Phew! I think I need a short break before working on the next next project.

For next week’s Sew Weekly challenge, it is all about being inspired by mini you and mini me. We’ll be finding one childhood photo and using that outfit as inspiration for our weekly creation! Join us for some fun and photo sharing!


12 thoughts on “Behind the Seams: The “As you like it” Apron and dress

  1. i like that your apron is reversible. very clever! especially that it could get stained since its function is to protect the garment. stained? turn it round other way!

    btw, thanks for your kind comment at my blog! i’d left a reply to it, w.r.t. my fabric purchase. 😉 (the sweet shop lady boss gave me a discount, but i can’t guarantee it my next trip there to the fabric store! there’re other colour options. i’ll bring it back to Sg my next visit and post to you if you’re keen.)

  2. Colours and prints just look lovely on you.
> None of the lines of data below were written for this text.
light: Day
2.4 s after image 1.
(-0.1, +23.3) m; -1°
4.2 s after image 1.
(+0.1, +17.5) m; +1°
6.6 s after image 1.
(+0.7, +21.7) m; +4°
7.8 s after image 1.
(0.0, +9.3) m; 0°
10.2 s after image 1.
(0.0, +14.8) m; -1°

I love the contrasts in the combo of dress and apron, cheery vs sombre. Makes for a stand-out outfit put together. You’ll have fun accesorising the black dress otherwise too I’m sure.

  3. Thanks Fiona! I hope I’ll put the apron to good use 🙂 And thanks so much for offering to help me buy the fabric you’d used for your apron, I’ll email you very shortly!

  4. I really like your dress! I think you did a great job on it and it does not make your waist look thick at all. Cute apron too!

  5. Hi Adey! I love your dress and apron – so cute!

    Also, don’t feel you have to participate, but I think your blog is great so I’m passing the Stylish Blogger Award on to you. 🙂

  6. Gosh. I’ve been loving each dress you’ve posted this week, and this one is so classy in black. Yowza! You look darling darling darling, and the apron is flirty & fantastic, too.